第68話 解体所
「それでは今回の報酬の件についてお話ししましょうか」
報酬か……勝手についてきただけだし、冒険者や騎士団にも登録してないし、特に必要はないんだけどな。あっ、でもあの魔法石だけは欲しいな。あれだけは使い切ったあとなのか、大魔道士の家にはなかったんだ。
「それでしたらオリジナルの変異種から得ることができた魔法石をいただいてもよろしいでしょうか?」
「ええ、もちろん。そもそも、討伐中に倒した素材などは、すべて倒した者に所有権があります。大勢で倒した魔物の素材につきましては倒した者達の貢献度によって分配が決まります」
そりゃそうか。全部均等に分配だと多く倒した者から間違いなく不満が出るだろうな。
「でしたら変異種の素材だけであとは必要ありません。そもそも俺は冒険者にも騎士団にも所属していないですからね」
「いえ、今回の変異種につきましては、我々だけでの討伐は難しかったと言わざるを得ません。もし討伐できたとしても、それこそ大勢の冒険者が犠牲になってしまったに違いありません。
幸いといいますか、今回は小さいとはいえあれだけの数の変異種を倒したわけですし、私が倒した分だけでも前回よりも多くの報酬を討伐部隊に渡すことができますから、マサヨシ殿にも十分な報酬を支払う余裕がございます。
冒険者にも騎士団にも所属してないことを気にされておりましたが、そこについては問題ございません。ただ、もしも次回も参加していただけるのであれば、事前にお伝えいただけると非常に助かります」
確かにこっそりついていくのはあまりよくなかったかもな。下手をしたら盗賊と間違われていてもおかしくない。他の街だと許可されない可能性も高いが、次回からは事前にちゃんと伝えるようにしよう。
そして謙虚すぎるのもよくないんだろうけど、本当にお金はもういらないし、変異種の素材も山ほどある。どちらかというと他のお願いをしたい。
「でしたらお金はいらないので、いくつかお願いがあります。まず変異種やドラゴンの素材がかなりあるのですが、この一部を他の人にはバレないように買い取ってもらうことは可能でしょうか?」
「ドラゴンの素材ですか! もちろん可能です。この後すぐに口の堅い素材買取係を紹介しますよ。いやあ、むしろこちらからお願いしたいくらいのお話です。ドラゴンの素材が市場に出るなんて何年ぶりでしょうか! 久しぶりに市場が賑わいますよ!」
「ありがとうございます。次のお願いなんですけれど、他の街で今回みたいな討伐戦があった場合に冒険者ギルドに説明が難しいので、紹介状のようなものを書いていただくことは可能でしょうか?」
「ええ、お安い御用です。この後すぐに書かせていただきますよ。自分で言うのもなんですが、大魔道士様の子孫ということもありまして、そこそこ顔は広いかと思います。付近の街の冒険者ギルド用と、商業ギルドや鍛冶ギルドへの紹介状を用意させていただきますね」
おお、それはすごい! さすが若くして冒険者ギルドマスターになったギルダートさんだ。鍛冶とかは結構興味があるな。いや、大魔道士が残してくれた武器でも十分すぎるほど強いんだけど、やはり異世界の鍛冶といえば日本刀を作ってみたいという気持ちもある。

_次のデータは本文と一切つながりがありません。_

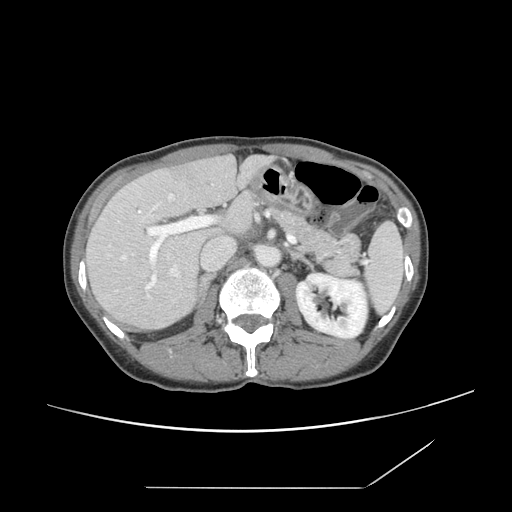

Upper abdomen; CT slice
The pancreas is at [261, 204, 362, 278].
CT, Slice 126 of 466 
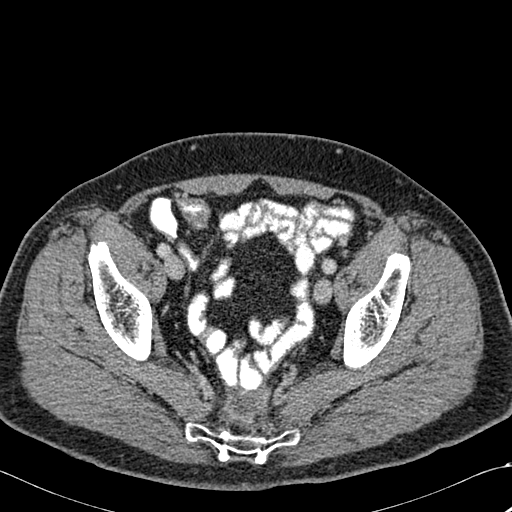

bone: (x1=344, y1=253, x2=410, y2=368), (x1=186, y1=423, x2=298, y2=463), (x1=88, y1=242, x2=151, y2=360)
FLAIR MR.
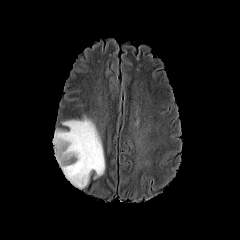
T1-weighted MRI.
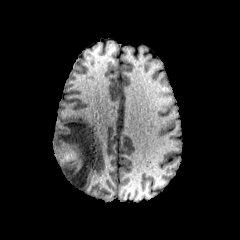
Post-contrast T1-weighted MRI.
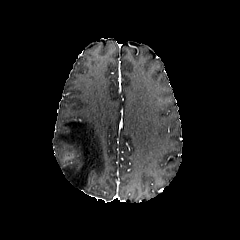
T2-weighted MR.
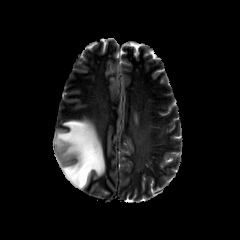
240x240 px; Brain
The non-enhancing tumor core is located at (57,149,79,168). The edema appears at (52,116,105,189). The enhancing tumor lies within (65,150,76,159).
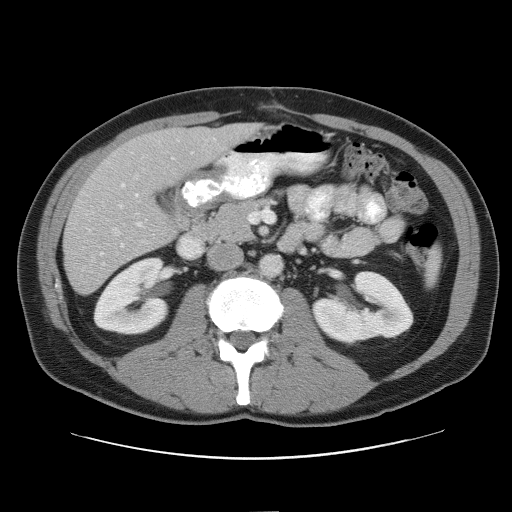 CT slice; Abdomen; 512x512 px
The vessel boxes may cover only some of the vessels.
Hepatic vessel — (136,223,143,226), (88,229,91,232), (112,228,120,235), (100,253,102,255), (120,244,123,246), (106,162,108,165), (191,152,192,153), (121,184,123,186), (135,194,139,201), (102,262,104,264), (142,169,143,171), (92,257,93,260), (134,175,137,179), (119,205,122,207).
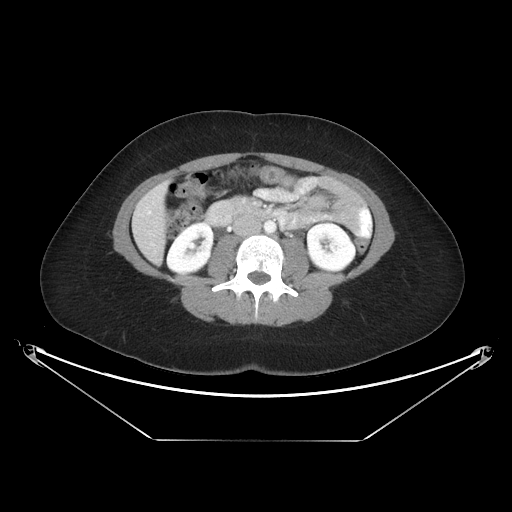 Image size 512x512; CT slice; Abdomen
Findings:
- pancreas: (231,196,258,215)

「ありがとうございます、とても助かります! 最後のお願いなんですけれど、この魔法石を集めてもらうことは可能でしょうか? もちろんお金は払いますので」
「魔法石ですか。そうですね……今回の変異種から出てきた大きさくらいの魔法石は入手が非常に難しいのですが、小さい魔法石なら多少は入手できるかと思います」
「本当ですか! ぜひお願いします」
大魔道士の家に遺っていた資料の中に魔法石の説明があった。確かその資料によると魔法石にはその石の中に膨大な魔力を内包しており、魔道具を作るための素材になったり、他にもいろいろと使い道があるらしい。
大魔道士はいろいろと魔道具を作っていたから、おそらくすでに使い切ったのだろう、もう大魔道士の家に魔法石は残っていなかった。
「承知しました。それだけでは今回のマサヨシ殿の働きには到底足りないので、買取の査定金額に上乗せしておきますね」
「ありがとうございます。でも、お金はそれほど必要とはしていないので、他の冒険者や騎士団の人にもしっかり報酬が行き渡るようにお願いしますね」
「もちろんですよ。それにドラゴンの素材を売っていただけるということですので、まったく問題ありません。それでは冒険者ギルドの裏にある解体所へ向かいましょうか」
冒険者ギルドの裏にあった大きな建物に移動する。中には様々な魔物の毛皮や牙や爪などの素材が所狭しと置かれてあった。それぞれに番号の書いた紙が貼ってあったので、他の冒険者から解体を依頼されたものだろうか。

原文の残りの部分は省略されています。